You may now be thinking “Shit do I got’sta ask if someone wants to continue every five minutes?!!” Well.. you can and indeed some people do but this is not the generally accepted approach. You do however need to look for nonverbal signs of consent at all times though for most people this is automatic. When your boyfriend pulls back you tend to ask “what’s up?”.

Asking for consent is not a bad idea however and it doesn’t have to be stiff and awkward. “May I grab your leg?” Isn’t as sexy as taking eye contact and nonverbally gesturing for a leg grab. It can also be fun, “What would you like me to do now?” Can be a very fun way of asking for consent. “Can I kiss you?”, “Does that feel okay?” It’s easy to make things feel natural and comfortable.
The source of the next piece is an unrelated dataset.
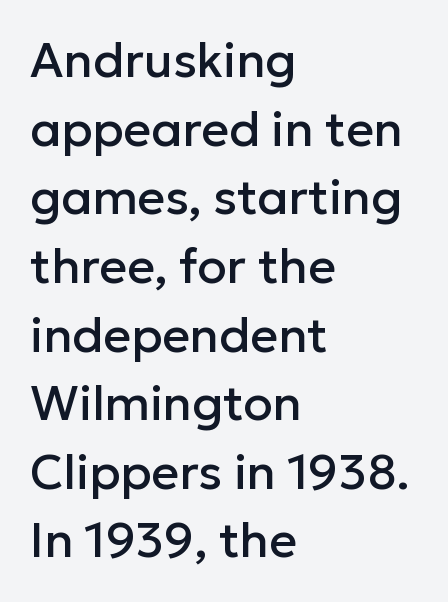
The image shows 48 px sans-serif type, upright; set left-aligned, normal line spacing (1.43x), normal letter spacing, not underlined; low stroke contrast and a medium x-height.

It’s also fine to check how your partner is during activities, a quick “you okay?” goes a long way to help you and your partner feel comfortable. It also helps you to understand your partners needs better, they may be uncomfortable and want a pillow or glass of water or just to stop whatever you are doing for a bit.

There are a lot of situations where consent cannot be given. Again consent is a legal term and many countries have an age of consent for sexual activities. In the UK this is at 16 years of age but we also have legal adulthood which is 18 whereby you can sign contracts without parental consent.

The situstions where consent cannot be given fall roughly into 3 categories:
1) When you are being coerced. (More on this below)
2) When you lack the ability to give consent due to accident, injury, illness, disability, intoxication and lack of consciousness. This is not a comprehensive list.
3) Where you are legally unable due to age.

Yes. Being drunk/high means you cannot give consent. Don’t drink and drive. Don’t drink and sex.

Coercion is insidious, it is the manipulation of others to fulfil your own desires. Often coercion and persuasion are confused as being the same thing however they have some crucial differences.

Persuasion is nonviolent, nonaggressive suggestion. It aims to convince someone to partake in an activity of their own accord. Persuading your mother to play minigold might look like this:
You: “Fancy joining us for a game of minigolf?”
Your mun: “Maybe, I’m not sure.”
You: “Do you know how to play?”
Your mun: “Yeah but I’m not in the mood I think.”
You: “Okay well we will be over here playing and you can join us later if you like.”

Coercion is the use of threat, force, power, position or influence to force someone to fulfil your desire. If you were to coerce your mother to play minigolf it may look like this:
You: “Fancy joining us for a game of minigolf?”
Your mother: “Maybe, I’m not sure.”
You: “If you don’t play you’ll regret it. You have to play or I wont drive you home.” Etc.

We have all been coerced, “Do the dishes or you’re grounded!” We have all coerced people, “Give me back my toy or I will scream!” It isn’t always the worst thing you can do but it is a dangerous behaviour pattern and can lead to or be used for abuse.

Coercion is a much loved tool or abusers and bullies. If you find yourself coercing someone else I advise you to apologise and to abadon the activity or desire.

Consent is incredibly important to understand because it is clear that to some people it is not an obvious idea or one they have experience with. The idea of actions leading to further actions is ingrained in us and it is not always obvious that we should ask permission with each new action.

Stay safe and I hope this helped someone.